Other submerged aquatic vegetation habitats that include plants of freshwater and/or marine origin are potentially more important BC habitats in Finland. These have been classified and their status assessed (Lehtomaa et al., 2018). They include habitats dominated by Potamogeton and/or Stuckenia pectinata, Ranunculus spp., Zannichellia spp. and/or Ruppia spp., Myriophyllum spicatum and/or M. sibiricum, and exposed and sheltered habitats characterized by Charales and Najas marina.

Macroalgae occur along most of Greenland’s coastline, but distribution records are relatively sparse, especially in the northernmost regions (Krause-Jensen et al., 2020). The depth limit and width of the belt of submerged macroalgae, dominated by kelps, increase from north towards south as the length of the open water period increases and more of the surface light potentially reaches the seafloor (Krause-Jensen et al., 2012). The deepest occurrence of kelps (> 60 m depth) is reported in clear waters along open coasts and offshore islands (Krause-Jensen et al., 2019). Intertidal macroalgae are also abundant along the Greenland coast, with potential for high biomasses even in northern regions (Høgslund et al., 2014; Ørberg et al., 2018; Sejr et al., 2021; Thyrring et al., 2021). Whereas no detailed mapping of macroalgae in Greenland exists, a first, coarse, spatial distribution model suggests a potential intertidal macroalgal distribution area of about 33,000 km² and a subtidal distribution area of 77,500 km² (Krause-Jensen et al., 2020). Also, Frigstad et al. (2021) estimated the total coverage of dense Saccharina latissima (sugar kelp) forests in Greenland to be 26,700 km² in a Nordic spatial model but emphasized that this is an undocumented estimate with high uncertainties due to unknown effects of sea ice cover, exposure, and substrate type. Macroalgal distribution and production is hypothesized to increase in parallel with increasing water temperatures and declining sea ice cover (Krause-Jensen et al., 2020).
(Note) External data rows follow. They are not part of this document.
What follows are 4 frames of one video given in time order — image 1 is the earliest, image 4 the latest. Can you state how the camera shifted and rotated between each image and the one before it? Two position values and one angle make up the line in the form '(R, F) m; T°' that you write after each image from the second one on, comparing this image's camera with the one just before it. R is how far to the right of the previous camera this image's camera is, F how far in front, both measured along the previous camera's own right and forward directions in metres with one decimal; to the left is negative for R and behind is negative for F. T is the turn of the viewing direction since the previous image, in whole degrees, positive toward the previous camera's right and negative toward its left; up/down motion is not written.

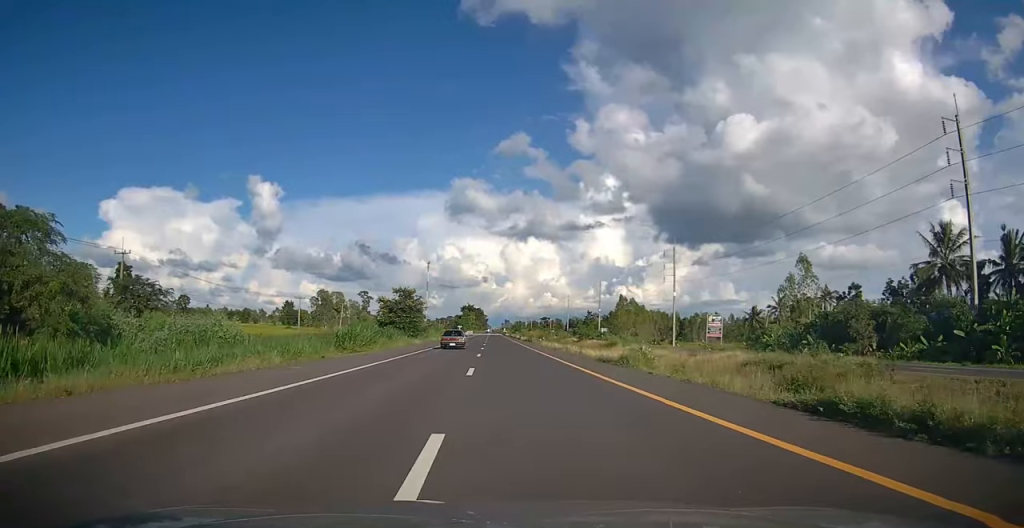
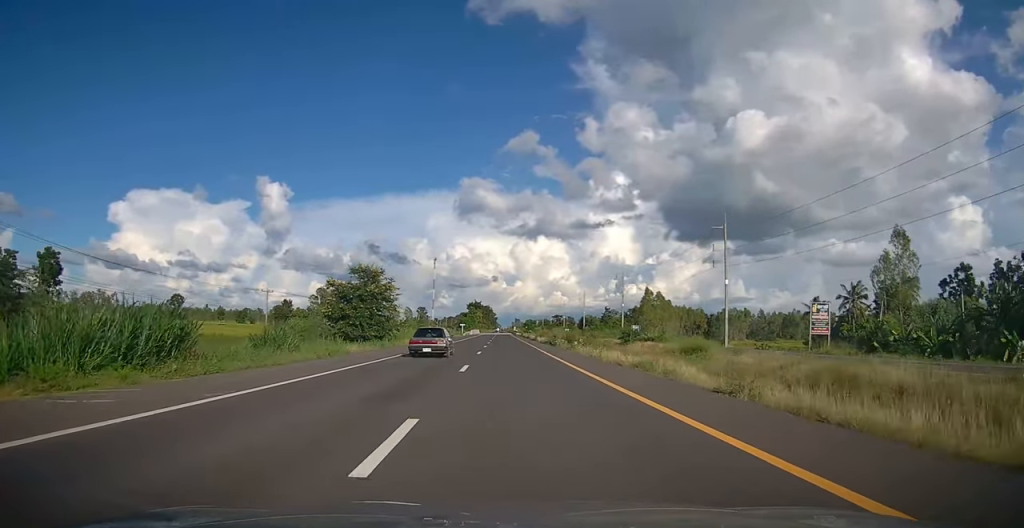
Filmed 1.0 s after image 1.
(+0.1, +22.8) m; 0°
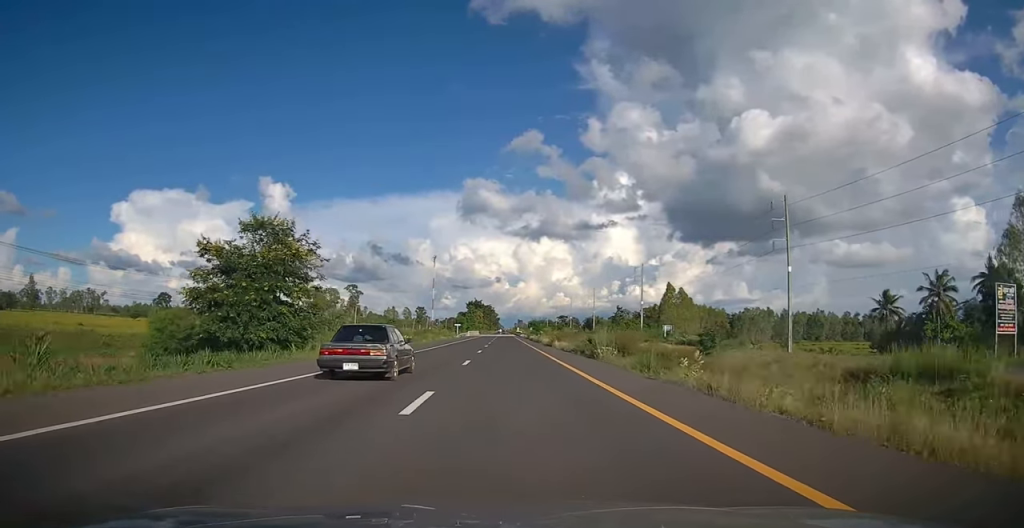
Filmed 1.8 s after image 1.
(-0.1, +20.5) m; 0°
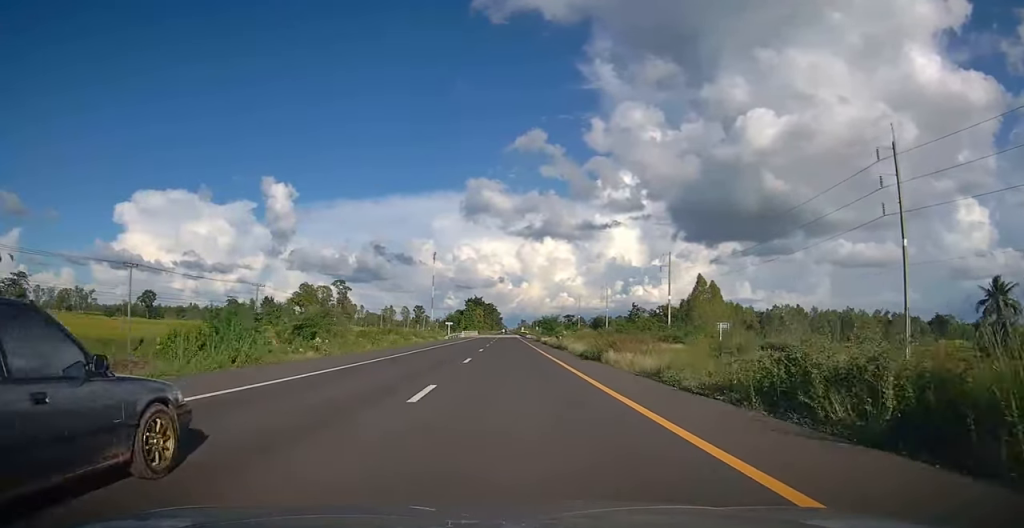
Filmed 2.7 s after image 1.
(-0.1, +22.5) m; -1°
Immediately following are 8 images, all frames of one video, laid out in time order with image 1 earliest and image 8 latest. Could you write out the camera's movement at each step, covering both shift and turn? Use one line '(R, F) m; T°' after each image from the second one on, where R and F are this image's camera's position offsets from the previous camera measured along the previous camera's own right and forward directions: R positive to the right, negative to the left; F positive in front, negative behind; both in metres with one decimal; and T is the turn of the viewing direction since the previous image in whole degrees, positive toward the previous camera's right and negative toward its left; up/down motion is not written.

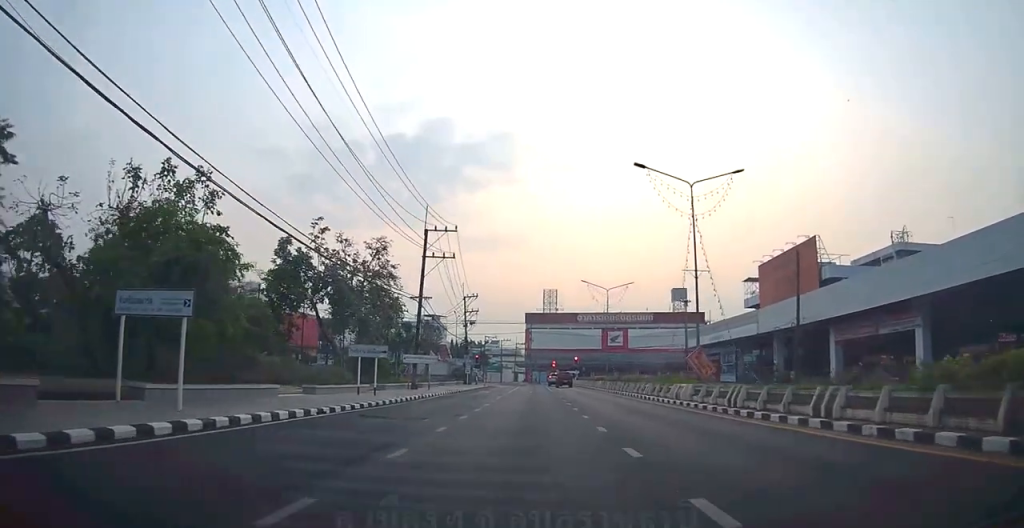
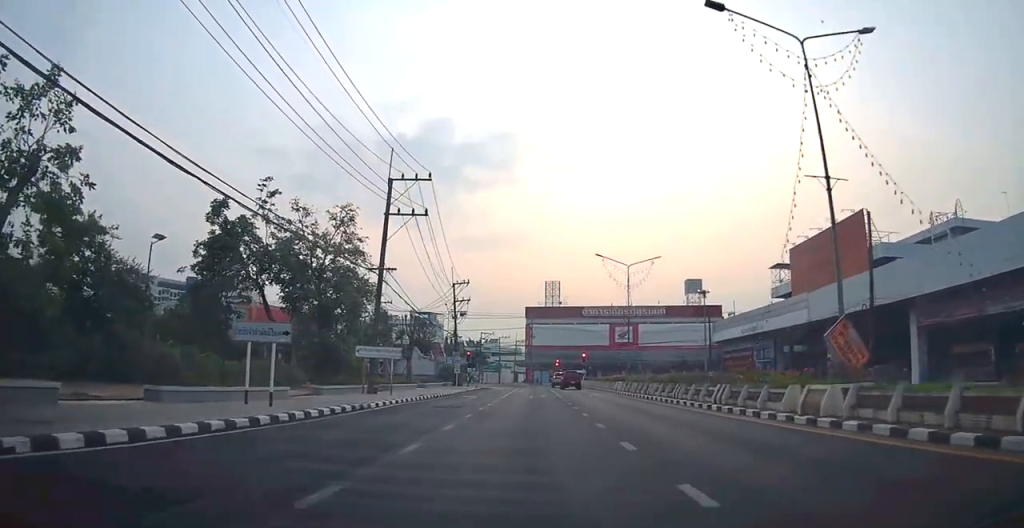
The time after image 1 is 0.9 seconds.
(+0.2, +11.4) m; +1°
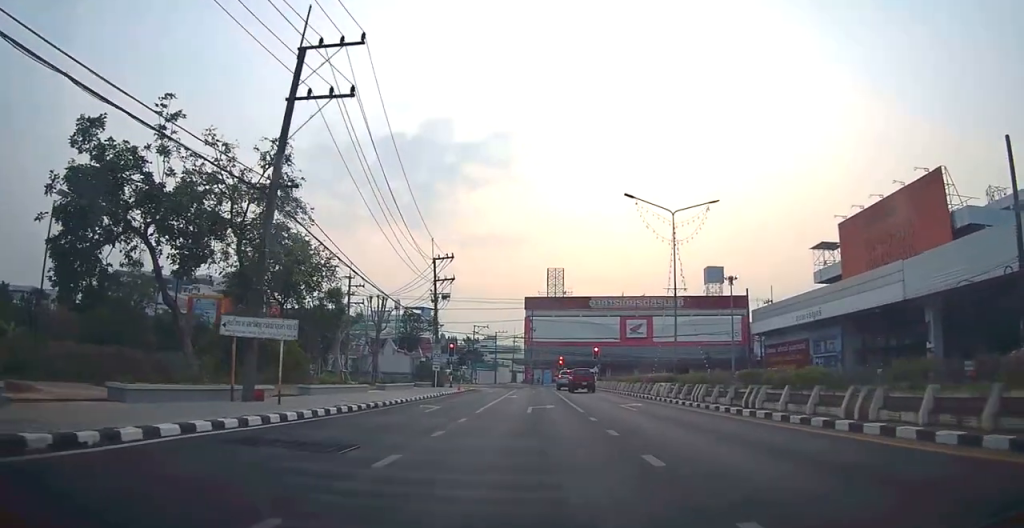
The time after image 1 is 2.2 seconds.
(0.0, +13.7) m; 0°
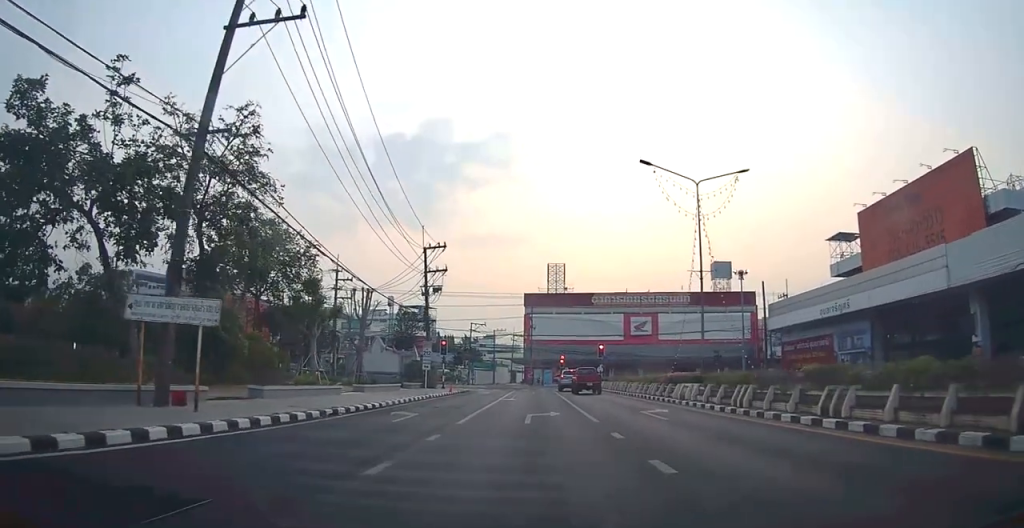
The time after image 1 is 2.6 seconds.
(0.0, +4.6) m; -1°
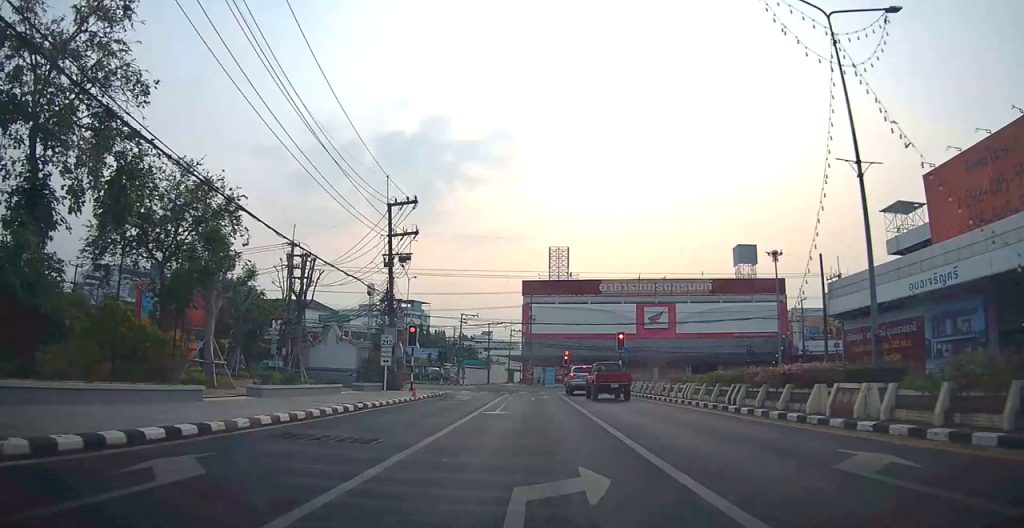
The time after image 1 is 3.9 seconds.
(-0.4, +13.1) m; -1°
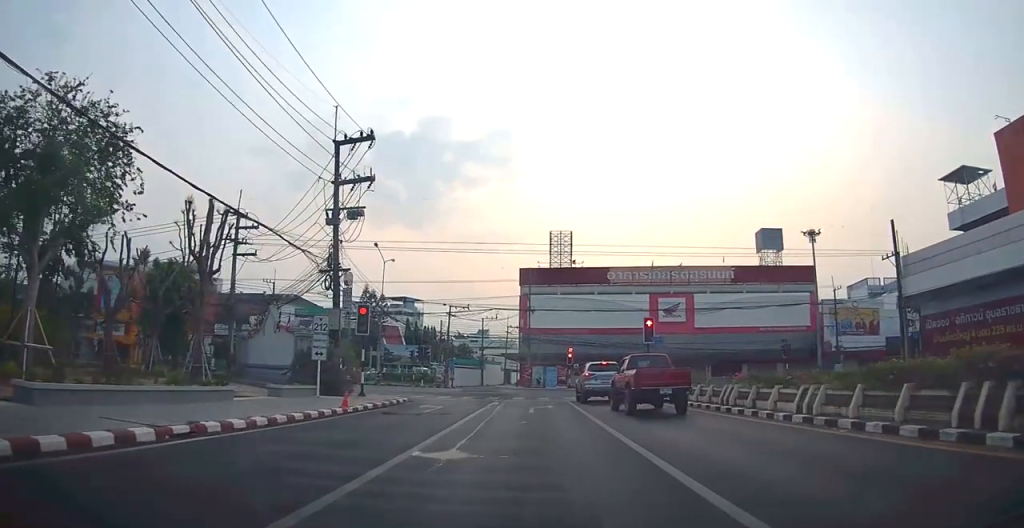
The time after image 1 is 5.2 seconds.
(+0.3, +11.4) m; +2°
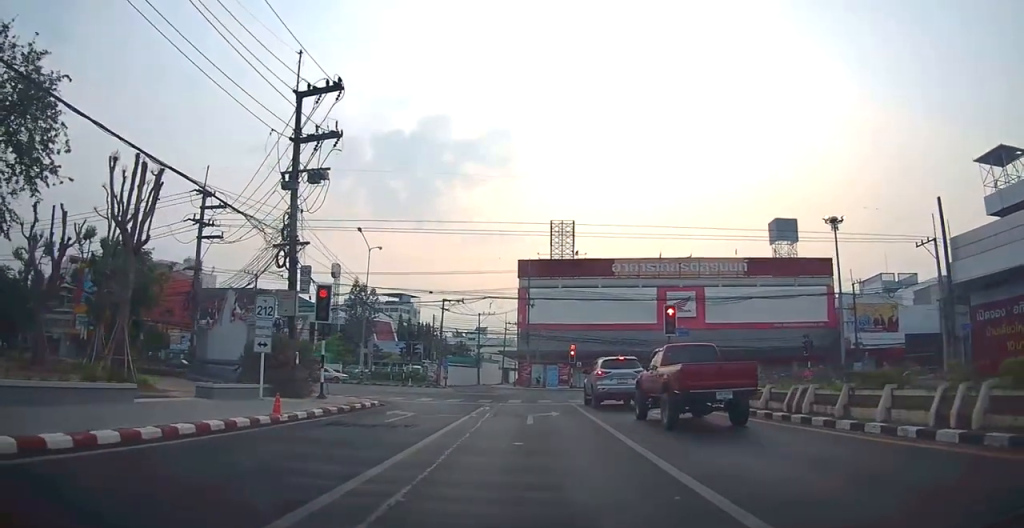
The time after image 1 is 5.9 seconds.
(-0.1, +5.8) m; +1°
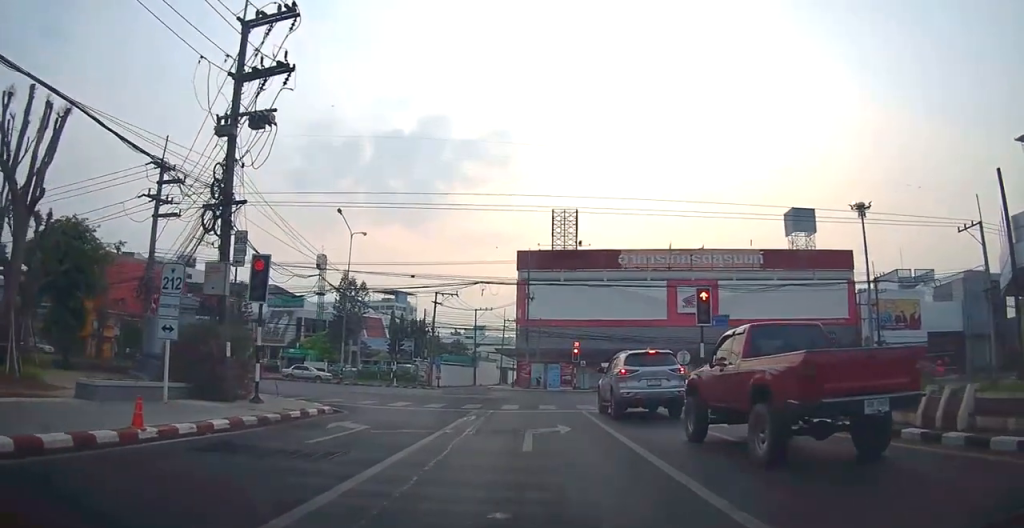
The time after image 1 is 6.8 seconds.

Rocky shores dominated by macroalgae cover 28% (280 km²) of the intertidal in Iceland (Ottósson et al., 2016). Sheltered intertidal areas that are dominated by A. nodosum cover >7% of the total intertidal area and >25% of all low to moderate energy littoral rocky shores. Breiðafjörður in West Iceland accounts for about 70% of intertidal areas (50 out of 70 km²), dominated by A. nodosum according to habitat mapping done in 2012-2014 (vistgerdakort.ni.is, 2018). More recent, in-depth studies expand this estimate to 91-107 km² (Gunnarsson et al., 2019). Frigstad et al. (2021) estimated a total coverage of 495 km² for rockweed and 2,328 km² for kelps, dominated by Laminaria hyperborea (tangle kelp), based on a spatial model covering the Nordic countries. No national monitoring of macroalgae exists so long-term trends and dynamics are unknown.

Kelps are widespread on the rocky shores of the Faroe Islands, and data from the FARCOS project in the 1990s (Bruntse et al., 1999) were recently used to model the potential kelp distribution around the Faroe Islands, predicting a coverage of 10 km² for sugar kelp and 235 km² for tangle kelp ( Table 1 , Frigstad et al., 2021). No estimates exist for the coverage of macroalgae in the littoral zone of the Faroe Islands.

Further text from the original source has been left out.